*TASK OBJECTIVE*. Your answer should be every line of the entries that has the string "MSShapeGroup" in it.

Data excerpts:

- - - -

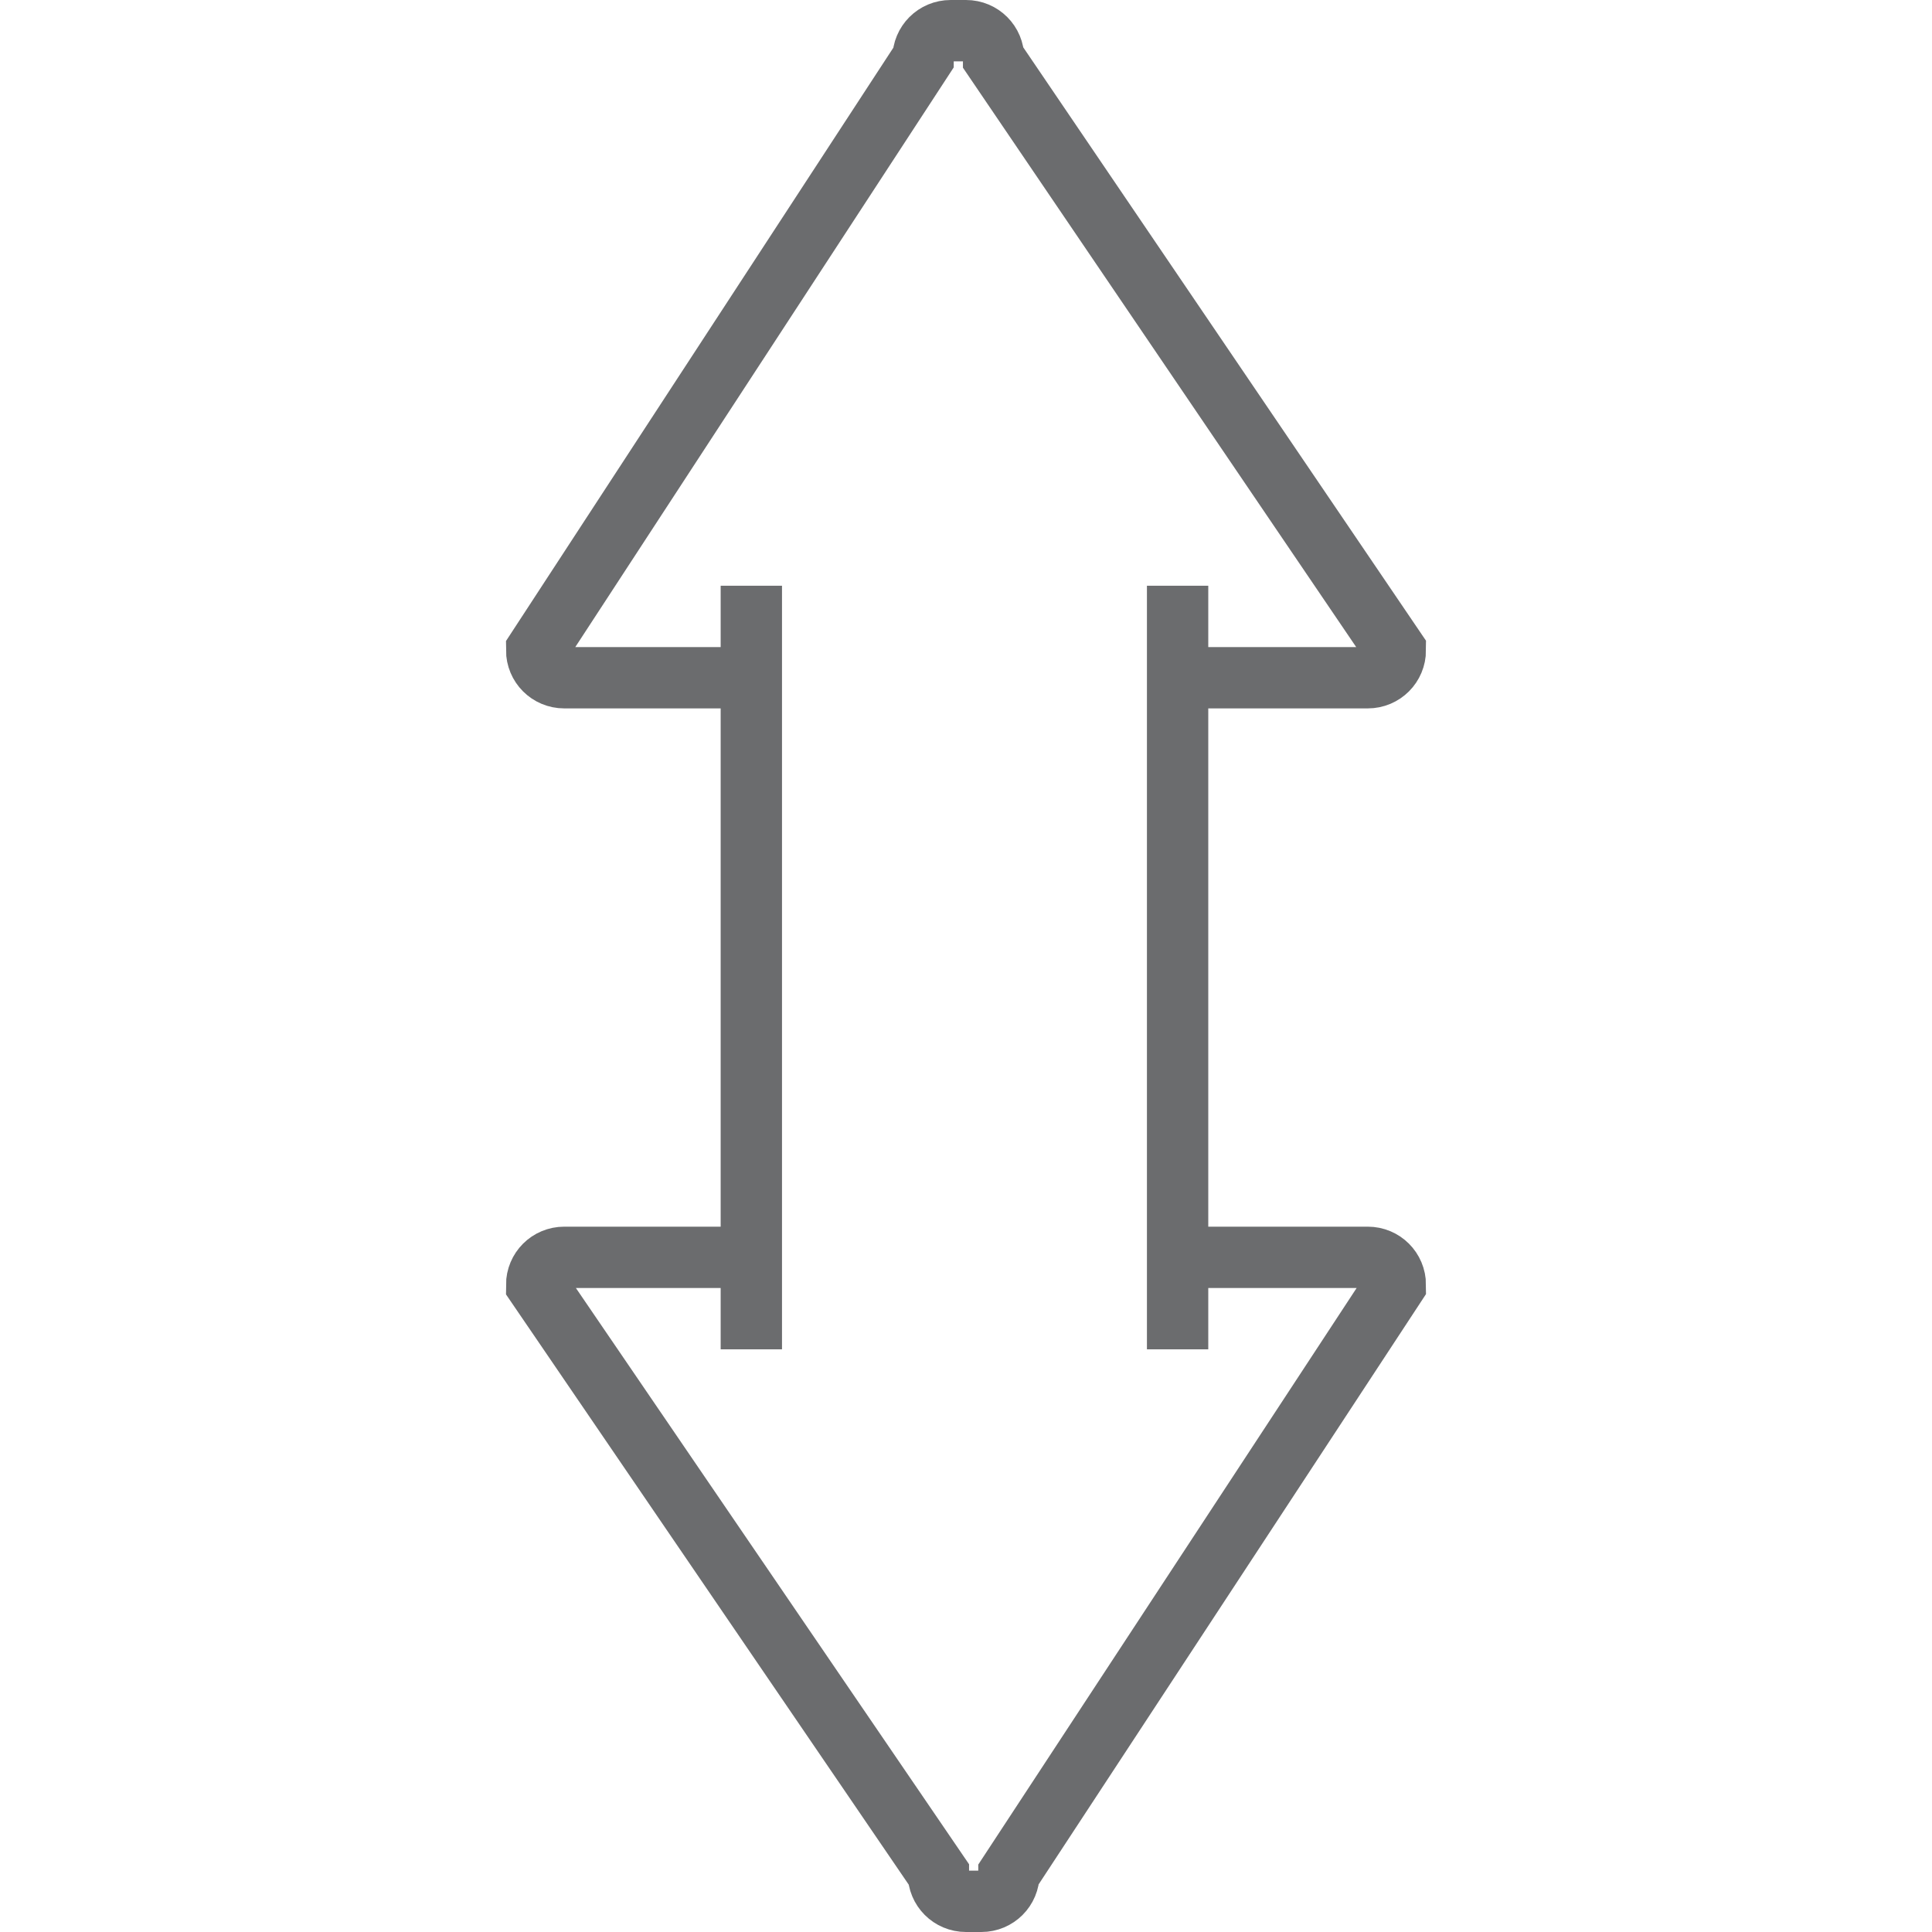 <?xml version="1.0" encoding="UTF-8" standalone="no"?>
<!-- Скачано с сайта svg4.ru / Downloaded from svg4.ru -->
<svg width="800px" height="800px" viewBox="-16.5 0 63 63" version="1.1" xmlns="http://www.w3.org/2000/svg" xmlns:xlink="http://www.w3.org/1999/xlink" xmlns:sketch="http://www.bohemiancoding.com/sketch/ns">
    
    <title>Arrow-big-up-down</title>
    <desc>Created with Sketch.</desc>
    <defs>
</defs>
    <g id="Page-1" stroke="none" stroke-width="1" fill="none" fill-rule="evenodd" sketch:type="MSPage">
        <g id="Arrow-big-up-down" sketch:type="MSLayerGroup" transform="translate(1, 1)" stroke="#6B6C6E" stroke-width="2">
            <path d="M7,43 L7,18.1" id="Shape" sketch:type="MSShapeGroup">
</path>
            <path d="M20.9,18.1 L20.9,43" id="Shape" sketch:type="MSShapeGroup">
</path>
            <path d="M7,21.1 L0.9,21.1 C0.4,21.1 0,20.7 0,20.2 L12.6,0.9 C12.6,0.4 13,-2.84217094e-14 13.5,-2.84217094e-14 L14,-2.84217094e-14 C14.5,-2.84217094e-14 14.9,0.4 14.9,0.9 L28,20.2 C28,20.7 27.6,21.1 27.1,21.1 L21,21.1" id="Shape" sketch:type="MSShapeGroup">
</path>
            <path d="M21,40 L27.1,40 C27.6,40 28,40.4 28,40.9 L15.4,60.1 C15.4,60.6 15,61 14.5,61 L14,61 C13.5,61 13.1,60.6 13.1,60.1 L0,40.9 C0,40.4 0.4,40 0.9,40 L7,40" id="Shape" sketch:type="MSShapeGroup">
</path>
        </g>
    </g>
</svg>
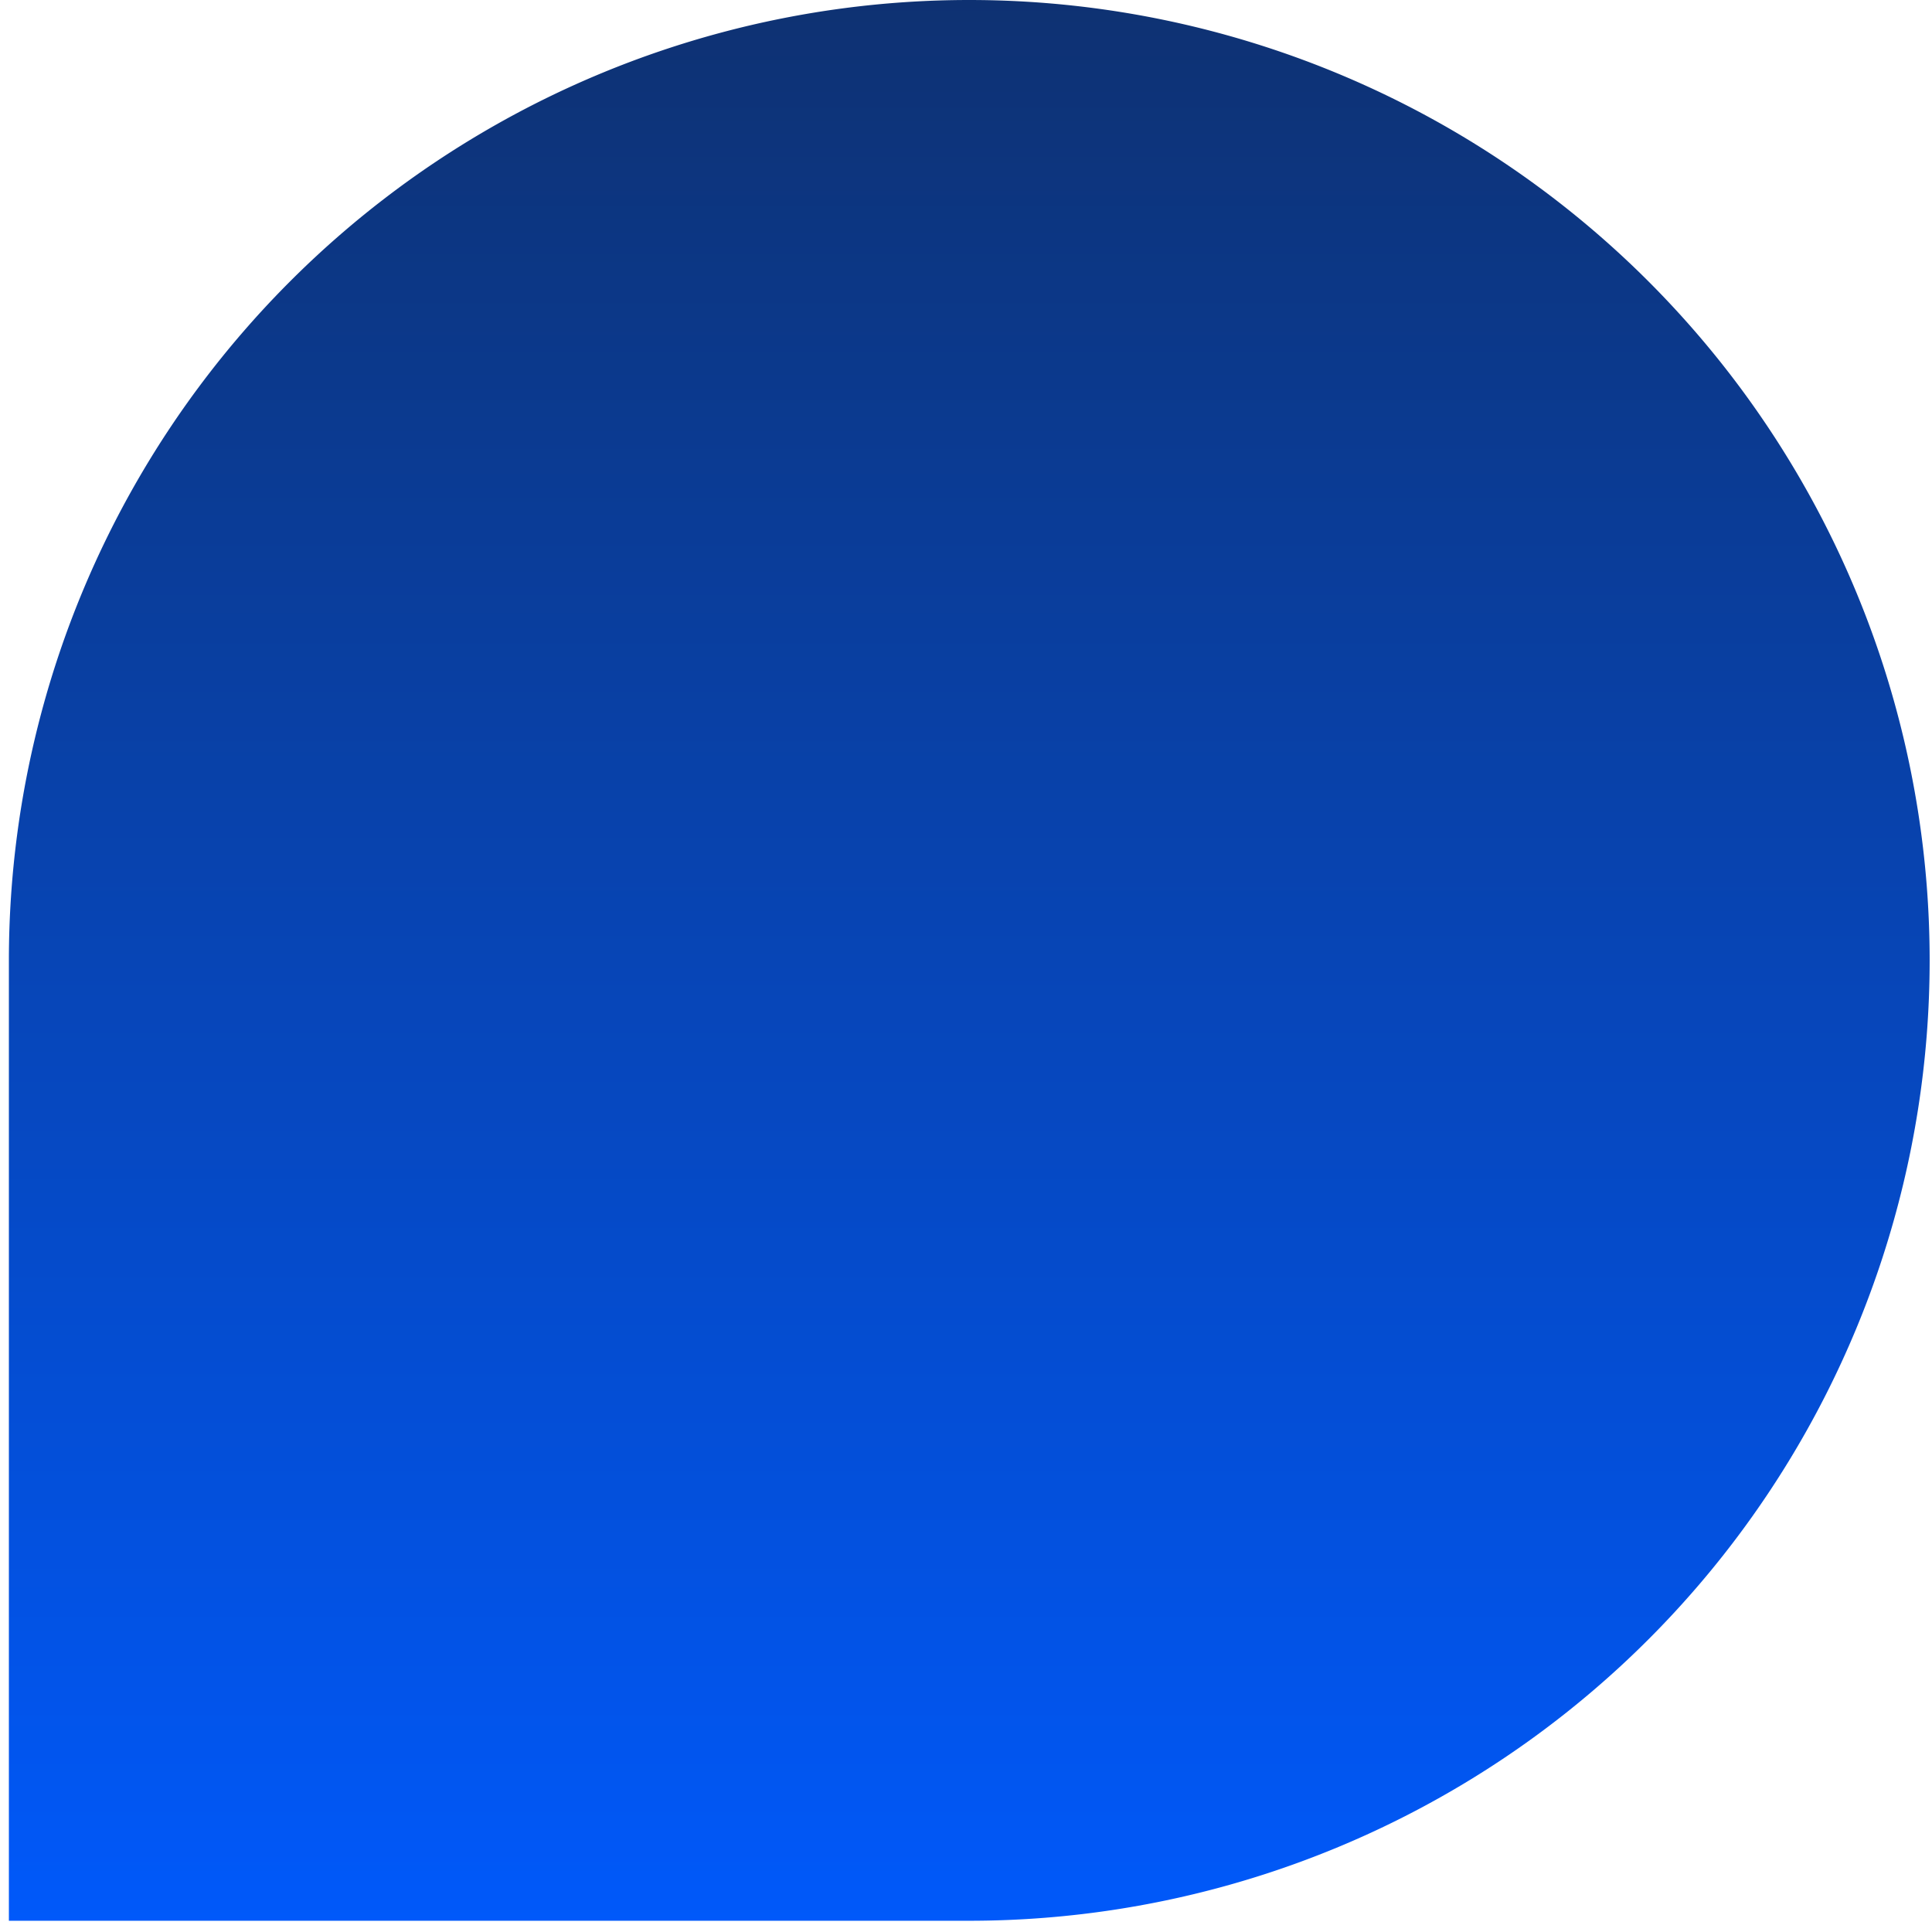 <svg xmlns="http://www.w3.org/2000/svg" xmlns:xlink="http://www.w3.org/1999/xlink" preserveAspectRatio="none" width="100%" height="100%" viewBox="0 0 55 55">
  <defs>
    <linearGradient id="linear-gradient" x1="0.5" x2="0.5" y2="1" gradientUnits="objectBoundingBox">
      <stop offset="0" stop-color="#0e3171"/>
      <stop offset="1" stop-color="#0059fb"/>
    </linearGradient>
    <clipPath id="clip-path">
      <rect id="Rectangle_10625" data-name="Rectangle 10625" width="55" height="55" transform="translate(0)" fill="url(#linear-gradient)"/>
    </clipPath>
  </defs>
  <g id="Group_32783" data-name="Group 32783" transform="translate(0)">
    <g id="Group_32782" data-name="Group 32782" transform="translate(0)" clip-path="url(#clip-path)">
      <path id="Path_30439" data-name="Path 30439" d="M27.34,0A27.34,27.34,0,0,0,0,27.34v27.34H27.34A27.34,27.34,0,0,0,27.34,0" transform="translate(0.253)" fill="url(#linear-gradient)"/>
    </g>
  </g>
</svg>

- - - -

*SOLVED EXERCISE*.
            <path d="M7,43 L7,18.1" id="Shape" sketch:type="MSShapeGroup">
            <path d="M20.9,18.1 L20.9,43" id="Shape" sketch:type="MSShapeGroup">
            <path d="M7,21.1 L0.9,21.1 C0.4,21.1 0,20.7 0,20.2 L12.6,0.9 C12.6,0.4 13,-2.84217094e-14 13.5,-2.84217094e-14 L14,-2.84217094e-14 C14.5,-2.84217094e-14 14.9,0.4 14.9,0.9 L28,20.2 C28,20.7 27.6,21.1 27.1,21.1 L21,21.1" id="Shape" sketch:type="MSShapeGroup">
            <path d="M21,40 L27.1,40 C27.6,40 28,40.4 28,40.9 L15.4,60.1 C15.4,60.6 15,61 14.5,61 L14,61 C13.5,61 13.1,60.6 13.1,60.1 L0,40.9 C0,40.4 0.4,40 0.9,40 L7,40" id="Shape" sketch:type="MSShapeGroup">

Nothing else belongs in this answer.